[Exercise directions]
Please write out exactly the lines of the data below from the line holding "మూడు. రజః ప్రధానాలు" through the line holding "సాత్వికావస్థ ఉదయించి నప్పుడే", and leave out the rest.

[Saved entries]
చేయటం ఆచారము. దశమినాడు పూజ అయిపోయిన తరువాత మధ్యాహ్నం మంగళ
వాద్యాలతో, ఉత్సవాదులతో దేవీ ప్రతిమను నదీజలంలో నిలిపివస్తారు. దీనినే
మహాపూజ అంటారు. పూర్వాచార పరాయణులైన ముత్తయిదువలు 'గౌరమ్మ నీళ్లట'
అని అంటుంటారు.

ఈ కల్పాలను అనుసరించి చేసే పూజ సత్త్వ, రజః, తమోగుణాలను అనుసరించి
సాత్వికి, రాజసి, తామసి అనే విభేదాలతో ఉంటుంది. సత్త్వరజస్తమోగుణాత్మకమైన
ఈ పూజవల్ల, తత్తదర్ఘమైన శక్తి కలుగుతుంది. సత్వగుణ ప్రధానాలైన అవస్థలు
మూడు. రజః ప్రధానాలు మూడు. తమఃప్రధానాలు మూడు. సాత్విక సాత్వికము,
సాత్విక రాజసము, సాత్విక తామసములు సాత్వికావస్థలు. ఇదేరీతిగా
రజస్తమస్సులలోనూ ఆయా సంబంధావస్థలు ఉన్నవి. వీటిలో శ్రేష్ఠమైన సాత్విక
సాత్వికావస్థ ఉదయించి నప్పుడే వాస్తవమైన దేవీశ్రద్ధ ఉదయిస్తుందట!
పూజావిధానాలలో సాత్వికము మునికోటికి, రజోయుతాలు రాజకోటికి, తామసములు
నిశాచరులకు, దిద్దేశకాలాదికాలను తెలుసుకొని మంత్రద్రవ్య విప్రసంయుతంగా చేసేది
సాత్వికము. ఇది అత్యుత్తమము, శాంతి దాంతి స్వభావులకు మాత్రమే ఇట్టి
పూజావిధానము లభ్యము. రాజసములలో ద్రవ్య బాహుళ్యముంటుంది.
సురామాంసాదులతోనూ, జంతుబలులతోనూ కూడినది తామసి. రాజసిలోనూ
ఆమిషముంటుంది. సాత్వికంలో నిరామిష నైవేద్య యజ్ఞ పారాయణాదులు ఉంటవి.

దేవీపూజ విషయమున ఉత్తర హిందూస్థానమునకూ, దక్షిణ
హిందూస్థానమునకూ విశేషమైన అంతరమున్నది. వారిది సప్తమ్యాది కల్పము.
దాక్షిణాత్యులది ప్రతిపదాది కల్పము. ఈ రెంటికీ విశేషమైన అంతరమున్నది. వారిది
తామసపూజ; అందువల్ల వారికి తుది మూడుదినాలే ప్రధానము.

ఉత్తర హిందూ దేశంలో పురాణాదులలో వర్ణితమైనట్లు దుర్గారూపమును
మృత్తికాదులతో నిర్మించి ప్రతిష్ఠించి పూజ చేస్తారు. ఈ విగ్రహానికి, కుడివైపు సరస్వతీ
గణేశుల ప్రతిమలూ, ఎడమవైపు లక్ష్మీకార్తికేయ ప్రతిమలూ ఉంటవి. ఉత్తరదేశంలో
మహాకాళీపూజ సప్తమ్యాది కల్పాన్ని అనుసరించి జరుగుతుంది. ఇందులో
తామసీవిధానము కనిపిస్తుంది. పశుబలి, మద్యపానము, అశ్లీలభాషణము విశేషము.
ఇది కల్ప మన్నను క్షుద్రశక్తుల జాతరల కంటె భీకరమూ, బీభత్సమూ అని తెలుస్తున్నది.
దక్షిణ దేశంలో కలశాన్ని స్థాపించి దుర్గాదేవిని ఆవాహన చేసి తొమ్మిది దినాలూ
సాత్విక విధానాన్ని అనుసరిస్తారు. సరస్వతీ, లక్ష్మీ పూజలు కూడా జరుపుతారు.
...
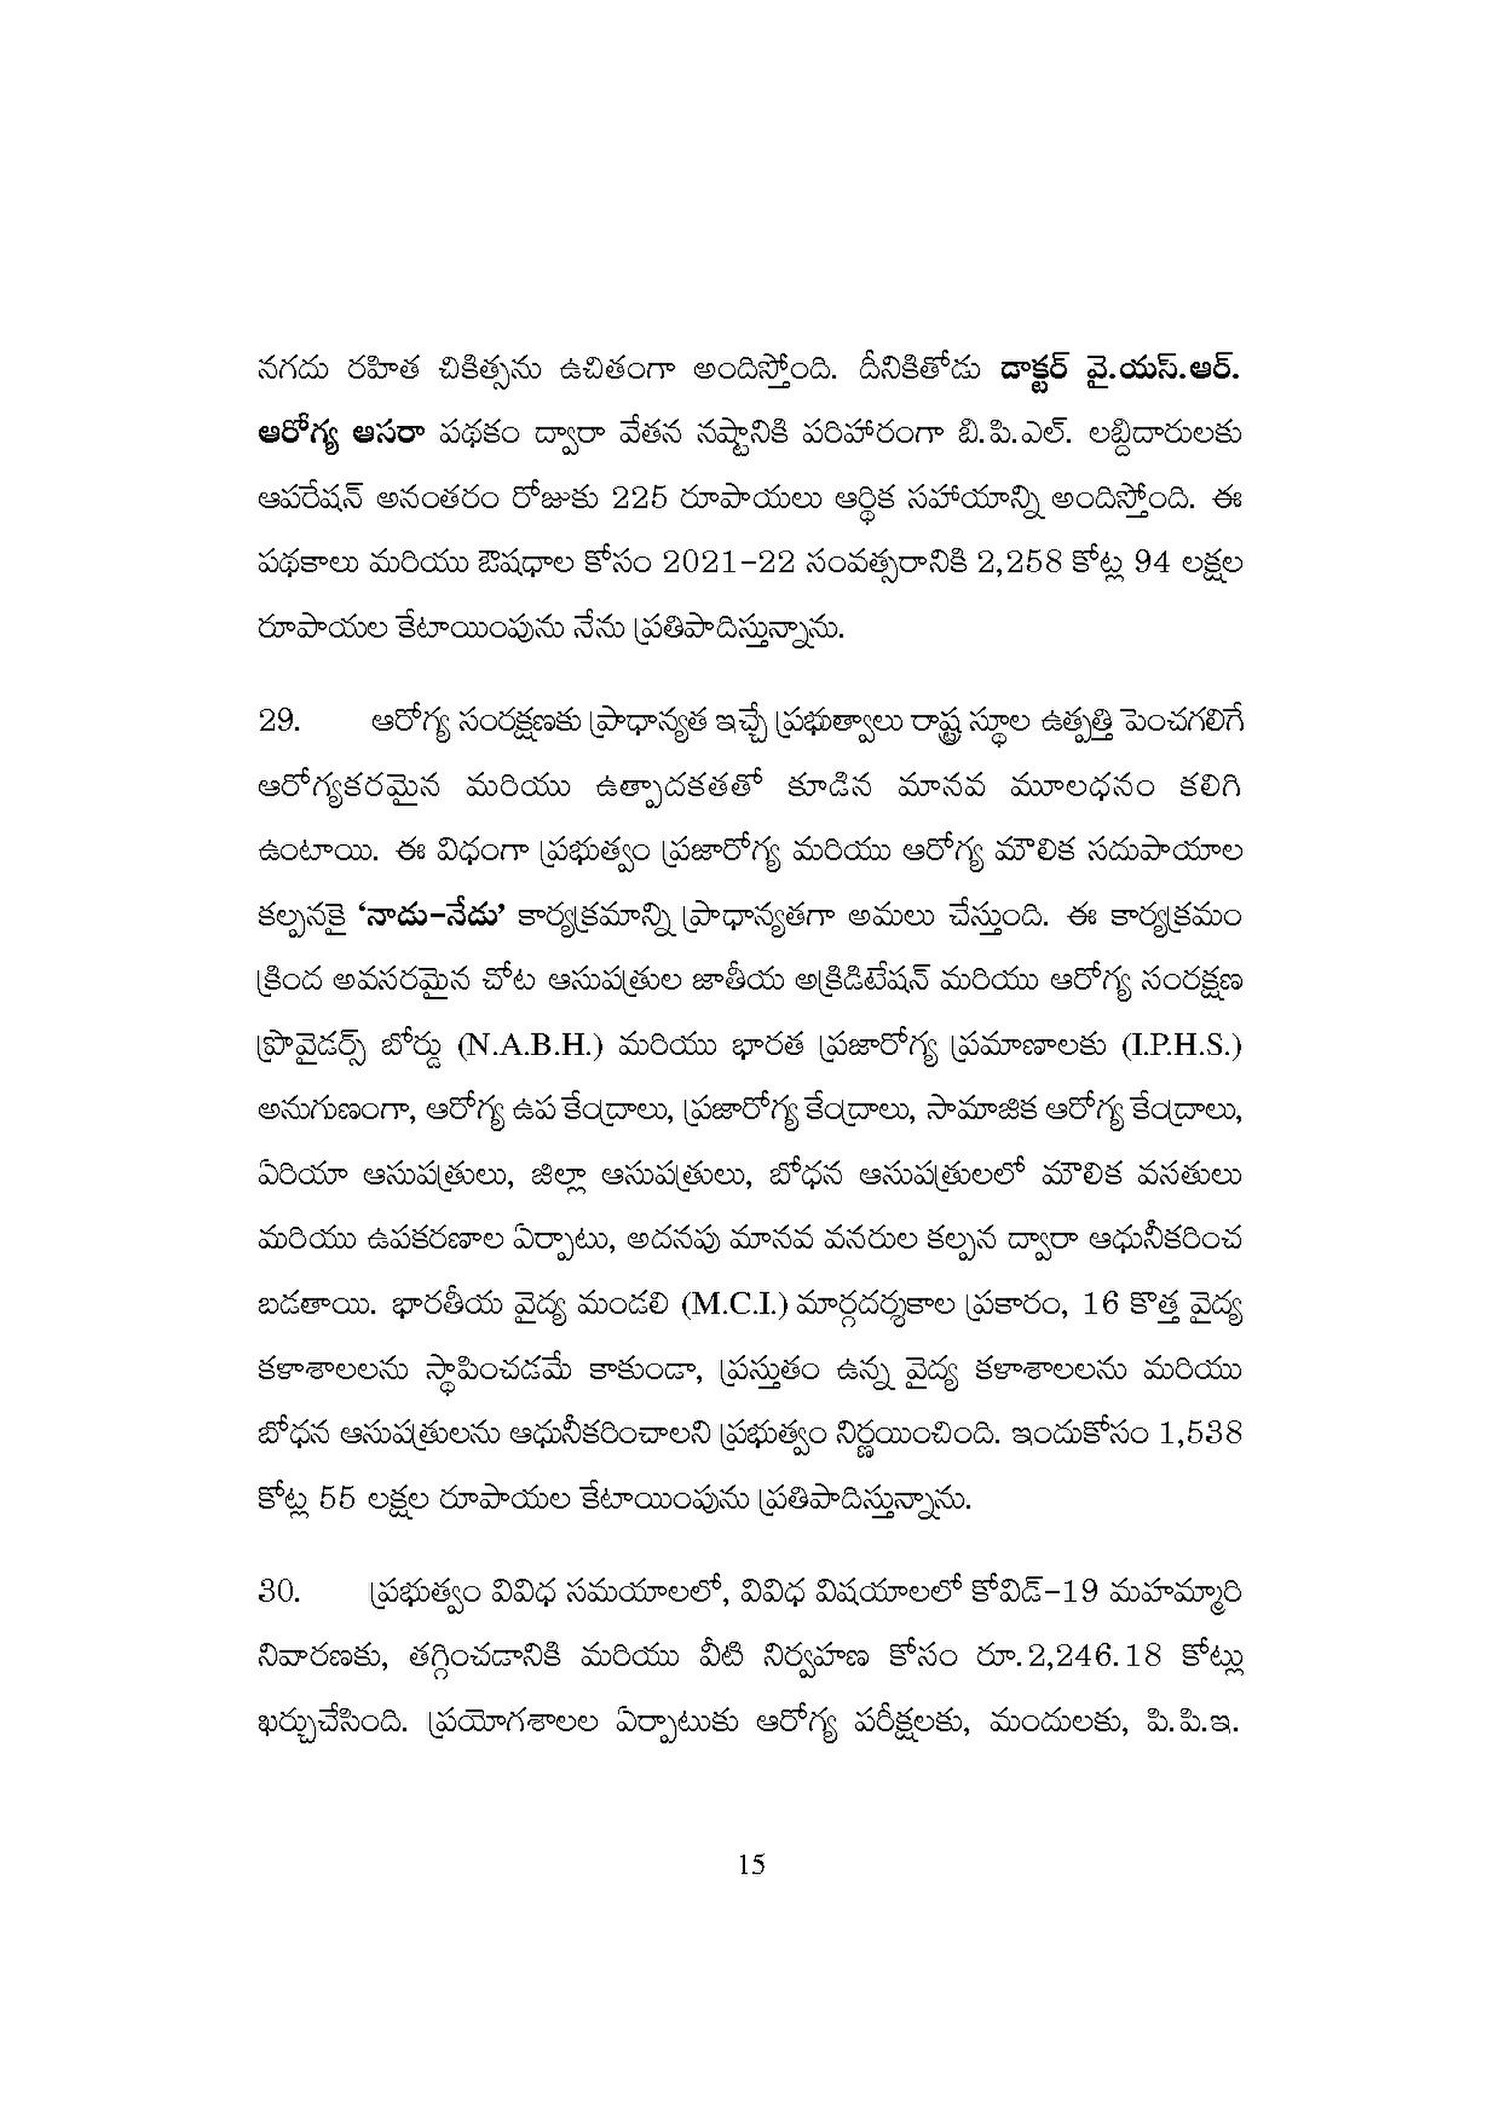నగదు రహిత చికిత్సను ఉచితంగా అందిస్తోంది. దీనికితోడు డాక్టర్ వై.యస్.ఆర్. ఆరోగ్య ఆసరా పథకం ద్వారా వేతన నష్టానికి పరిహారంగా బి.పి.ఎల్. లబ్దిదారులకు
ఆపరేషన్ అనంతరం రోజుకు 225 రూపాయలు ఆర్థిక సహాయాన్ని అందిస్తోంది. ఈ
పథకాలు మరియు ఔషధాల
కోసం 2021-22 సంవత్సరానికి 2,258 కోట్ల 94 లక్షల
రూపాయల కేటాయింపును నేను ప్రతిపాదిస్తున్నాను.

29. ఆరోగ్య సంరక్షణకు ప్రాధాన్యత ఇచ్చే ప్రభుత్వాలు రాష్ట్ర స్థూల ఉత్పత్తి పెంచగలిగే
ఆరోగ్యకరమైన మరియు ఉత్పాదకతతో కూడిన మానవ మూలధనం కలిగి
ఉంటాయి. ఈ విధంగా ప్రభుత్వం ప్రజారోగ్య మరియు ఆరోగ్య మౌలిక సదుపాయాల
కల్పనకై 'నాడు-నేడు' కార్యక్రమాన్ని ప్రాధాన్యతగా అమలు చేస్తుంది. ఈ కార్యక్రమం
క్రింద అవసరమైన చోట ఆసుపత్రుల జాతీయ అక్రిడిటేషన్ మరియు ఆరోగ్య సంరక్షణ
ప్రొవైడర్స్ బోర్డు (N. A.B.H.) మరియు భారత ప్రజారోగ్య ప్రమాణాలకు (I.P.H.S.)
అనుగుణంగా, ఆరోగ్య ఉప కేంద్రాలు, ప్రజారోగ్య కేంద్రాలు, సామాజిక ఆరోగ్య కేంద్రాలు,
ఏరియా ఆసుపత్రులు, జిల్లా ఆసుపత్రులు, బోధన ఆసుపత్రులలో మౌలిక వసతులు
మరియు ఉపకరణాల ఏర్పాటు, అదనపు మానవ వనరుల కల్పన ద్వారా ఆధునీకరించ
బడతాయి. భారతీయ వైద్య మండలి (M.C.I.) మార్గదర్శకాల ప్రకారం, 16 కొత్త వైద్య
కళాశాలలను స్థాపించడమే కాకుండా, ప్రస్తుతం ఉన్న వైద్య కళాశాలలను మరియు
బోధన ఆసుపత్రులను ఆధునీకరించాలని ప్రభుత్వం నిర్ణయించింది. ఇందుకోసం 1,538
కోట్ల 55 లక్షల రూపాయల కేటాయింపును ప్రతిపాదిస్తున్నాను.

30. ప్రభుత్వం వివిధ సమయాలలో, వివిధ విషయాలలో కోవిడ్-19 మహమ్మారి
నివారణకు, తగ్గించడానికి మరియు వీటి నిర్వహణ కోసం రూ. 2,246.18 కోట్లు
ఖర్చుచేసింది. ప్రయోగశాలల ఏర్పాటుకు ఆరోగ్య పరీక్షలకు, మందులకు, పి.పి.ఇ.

[Task solution]
మూడు. రజః ప్రధానాలు మూడు. తమఃప్రధానాలు మూడు. సాత్విక సాత్వికము,
సాత్విక రాజసము, సాత్విక తామసములు సాత్వికావస్థలు. ఇదేరీతిగా
రజస్తమస్సులలోనూ ఆయా సంబంధావస్థలు ఉన్నవి. వీటిలో శ్రేష్ఠమైన సాత్విక
సాత్వికావస్థ ఉదయించి నప్పుడే వాస్తవమైన దేవీశ్రద్ధ ఉదయిస్తుందట!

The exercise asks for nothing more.